Determine the equation of a leastsquares regression line using technology or computer output.

Construct and interpret residual plots to assess whether a regression model is appropriate.
Activity: How many iPhones will be sold?
Before you begin the activity, it's worth discussing with your students, "How does the computer or calculator find the line of “best” fit? What makes it the line of best fit?" Using this Desmos eTool we let students try to move the line into the “best” spot (be sure you hide the line of best fit to start). They discovered that the the line of “best” fit is the one that minimizes the sum of the squared residuals (the least squares regression line!). This can also be done nicely using the statistical software Fathom. Now students are ready for the activity!

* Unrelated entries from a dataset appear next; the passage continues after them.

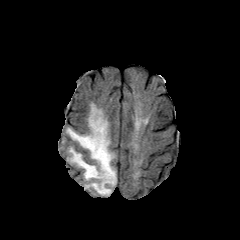
FLAIR MRI.
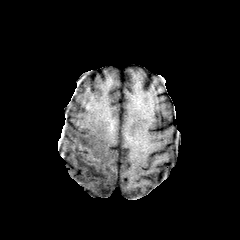
T1-weighted MR.
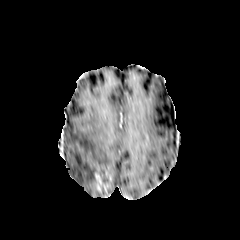
Post-contrast T1-weighted magnetic resonance.
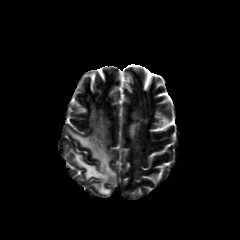
T2-weighted MR.
Brain.
<segmentation>
  <enhancing_tumor>(x1=94, y1=173, x2=107, y2=193)</enhancing_tumor>
  <edema>(x1=66, y1=105, x2=116, y2=196)</edema>
  <non-enhancing_tumor_core>(x1=90, y1=166, x2=111, y2=192)</non-enhancing_tumor_core>
</segmentation>

The iPhone 8 was just announced, and we were wondering how many Apple will sell. To help us make a good prediction, we looked up the sales for all the previous iPhones. Apple stopped releasing sales data after the iPhone 6S. It turns out that this data set is a beautiful example of nonlinear data. Even so, students are asked find a line of best fit, and then examine the residuals. In the end, we want students to understand how to make a residual plot and to recognize that a pattern in the residual plot is a signal that the model we have chosen is not appropriate.
Teaching Tip:
When asked if a linear model is appropriate, students will sometimes incorrectly use only the correlation value, r, to justify linearity. However, a strong correlation value doesn’t mean an association is linear. An association can be clearly nonlinear and still have a correlation close to ±1. Only a residual plot can adequately address whether a line is an appropriate model for the data by showing the pattern of deviations from the line. For example, graphing the function y = x^2 for the integers 1 to 10 yields a correlation of r = 0.97, but the residual plot shows an obvious pattern.